### Prompt
Look through the material below. Copy each line that contains the string "between".

### Exercise data
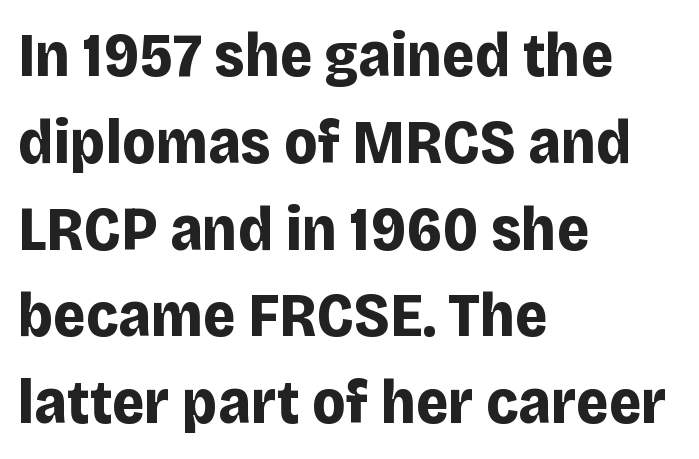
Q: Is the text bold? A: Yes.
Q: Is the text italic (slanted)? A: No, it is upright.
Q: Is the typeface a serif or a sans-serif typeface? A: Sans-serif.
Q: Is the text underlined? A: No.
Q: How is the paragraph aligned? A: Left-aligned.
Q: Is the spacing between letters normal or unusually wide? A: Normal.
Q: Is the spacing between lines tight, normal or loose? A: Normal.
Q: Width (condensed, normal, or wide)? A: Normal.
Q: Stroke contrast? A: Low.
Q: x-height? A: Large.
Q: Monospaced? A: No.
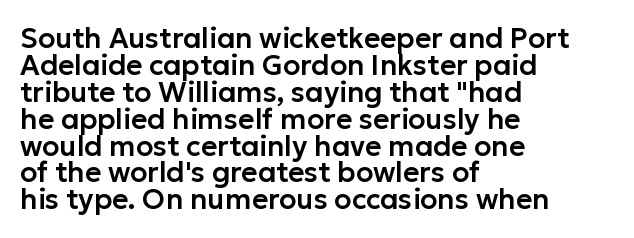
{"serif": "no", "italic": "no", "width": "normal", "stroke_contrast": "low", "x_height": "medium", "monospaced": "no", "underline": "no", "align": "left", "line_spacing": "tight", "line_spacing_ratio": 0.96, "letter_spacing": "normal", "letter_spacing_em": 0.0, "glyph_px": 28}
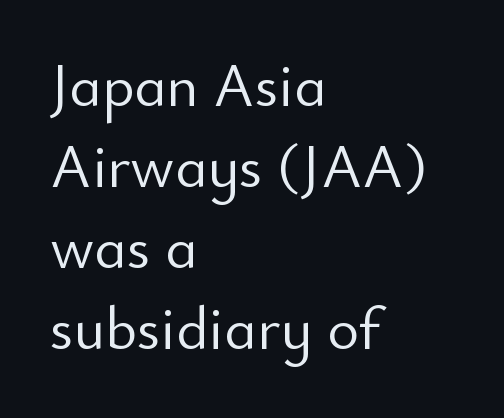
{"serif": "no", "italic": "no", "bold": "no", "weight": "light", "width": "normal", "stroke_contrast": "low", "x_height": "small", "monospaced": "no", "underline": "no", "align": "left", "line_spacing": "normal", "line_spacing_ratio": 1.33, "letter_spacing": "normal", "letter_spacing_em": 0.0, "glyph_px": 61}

### Task output
Q: Is the spacing between letters normal or unusually wide? A: Normal.
Q: Is the spacing between lines tight, normal or loose? A: Normal.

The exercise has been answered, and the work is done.